▸ Task directions
Return the full listing, so that each line matches the original exactly.

--- Data extracts Enclosed Below ---

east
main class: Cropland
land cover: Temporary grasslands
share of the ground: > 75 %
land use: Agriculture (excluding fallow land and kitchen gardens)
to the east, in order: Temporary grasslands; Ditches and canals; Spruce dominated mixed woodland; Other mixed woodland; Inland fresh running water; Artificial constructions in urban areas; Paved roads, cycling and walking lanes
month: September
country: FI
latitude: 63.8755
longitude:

--- End of Enclosed Data extracts ---

▸ Exercise result
east
main class: Cropland
land cover: Temporary grasslands
share of the ground: > 75 %
land use: Agriculture (excluding fallow land and kitchen gardens)
to the east, in order: Temporary grasslands; Ditches and canals; Spruce dominated mixed woodland; Other mixed woodland; Inland fresh running water; Artificial constructions in urban areas; Paved roads, cycling and walking lanes
month: September
country: FI
latitude: 63.8755
longitude:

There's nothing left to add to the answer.